Deadly infection almost eliminated in Africa's "meningitis belt"

The deadly bacterial infection, Meningitis A, is close to elimination across a large part of Africa, thanks to a vaccine introduced just five years ago.

The bacterial disease can cause severe brain damage or death within hours, but in the area that used to known as Africa's "meningitis belt", the introduction of the vaccine has had startling results, according to the World Health Organization's (WHO) Dr Marie-Pierre Préziosi.

"Sixteen out of the 26 countries have introduced the vaccine, vaccinated about 70% of their population aged one-29, and covering 237 million with dramatic effect. Because the disease has been nearly eliminated from those countries at the moment."

The belt runs across the continent, from Senegal to Ethiopia.

The affordable vaccine was developed in response to an outbreak in 1996 which left 25,000 people dead in just a few months.

WHO warned that only routine immunization in childhood would safeguard progress made against the disease.

Refugees travelling from Mali to Niger reaches new high

The number of Malians seeking refuge in neighbouring Niger has reached a new high.

That's according to figures released on Tuesday by the UN Refugee Agency (UNHCR).

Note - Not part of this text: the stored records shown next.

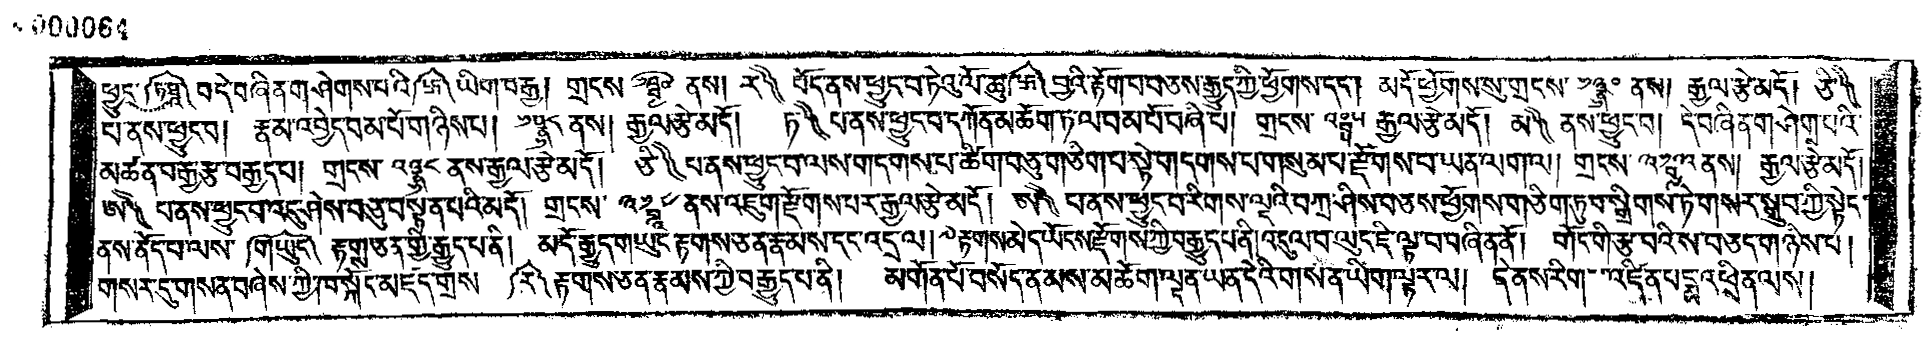ཕྱུང་༼ཏ་ཐཱ༽་བ་དེ་བཞིན་གཤེགས་པའི་?་ཡིག་བརྒྱ། གྲངས་?་ནས། ར༼༽ བོད་ནས་ཕྱུང་བ་ཏེའུ་ལོ་ཆུ་?་བྱའི་རྟོག་པ་བཅས་རྒྱུད་ཀྱི་ཕྱོགས་དང་། མདོ་ཕྱོགས་སུ་གྲངས ༡༣༠ན༦?་ནས། རྒྱལ་རྩེ་མདོ། ཅི༼༽
པ་ནས་ཕྱུང་བ། རྣམ་འབྱེད་བམ་པོ་གཉིས་པ། ༡༥༨ན༦་ནས། རྒྱལ་རྩེ་མདོ། ཏ༼༽ པ་ནས་ཕྱུང་བ་དཀོན་མཆོག་ཏ་ལ་བམ་པོ་བཞི་པ། གྲངས ༢༠༥བ༥་རྒྱལ་རྩེ་མདོ། མ༼༽ ནས་ཕྱུང་བ། དེ་བཞིན་གཤེགས་པའི་
མཚན་བརྒྱ་རྩ་བརྒྱད་པ། གྲངས ༢༢༨ན༦་ནས་རྒྱལ་རྩེ་མདོ། ཅི༼༽ པ་ནས་ཕྱུང་བ་ལས་གདགས་པ་ཚིག་བཅུ་གཅིག་པ་སྟེ་གདགས་པ་གསུམ་པ་རྫོགས་པ་ཡན་ལག་ལ། གྲངས ༣༡༣བ༦་ནས། རྒྱལ་རྩེ་མདོ།
ཨ༼༽ པ་ནས་ཕྱུང་བ་འདུ་ཤེས་བཅུ་བསྟན་པའི་མདོ། གྲངས ༣༩༤བ༣་ནས་འཇུག་རྫོགས་པར་རྒྱལ་རྩེ་མདོ། ཨ༼༽ པ་ནས་ཕྱུང་བ་རིགས་ལྔའི་བཀྲ་ཤིས་བཅས་ཕྱོགས་གཅིག་ཏུ་བསྒྲིགས་ཏེ་གསར་སྒྲུབ་ཀྱི་སྟེང་
ནས་ནོད་པ་ལས ༼གཡུང༽ རྟགས་ཅན་གྱི་རྒྱུད་པ་ནི། མདོ་རྒྱུད་གཡུང་རྟགས་ཅན་རྣམས་དང་འདྲ་ལ། ༧་རྟགས་མེད་ཡོངས་རྫོགས་ཀྱི་བརྒྱུད་པ་ནི། འདུལ་བ་ལུང་ཇི་ལྟ་བ་བཞིན་ནོ། གོང་གི་རྩ་བའི་ས་བཅད་གཉིས་པ།
གསར་དུ་གསན་བཞེས་ཀྱི་ཁ་སྐོང་མཛད་གྲས ༼ར༽ རྟགས་ཅན་རྣམས་ཀྱི་བརྒྱུད་པ་ནི། མགོན་པོ་བསོད་ནམས་མཆོག་ལྡན་ཡན་དེའི་གསན་ཡིག་ལྟར་ལ། དེ་ནས་རིག་འཛིན་པདམ་འཕྲིན་ལས།

Conflict began in Mali in 2012 and despite the signing of a peace-accord in June, there are now 54,000 refugees from the country in Niger, said the agency.

UNHCR said that the continued flow of refugees was unexpected and was placing a strain on its operations in Niger.

Nearly 250,000 children in Guinea to receive free school meals

Nearly 250,000 children will receive school meals in Guinea during the academic year that begins this week.

That's according to the World Food Programme (WFP) which said it was expanding its school lunch programme from 735 to 1,605 primary schools across the West African country.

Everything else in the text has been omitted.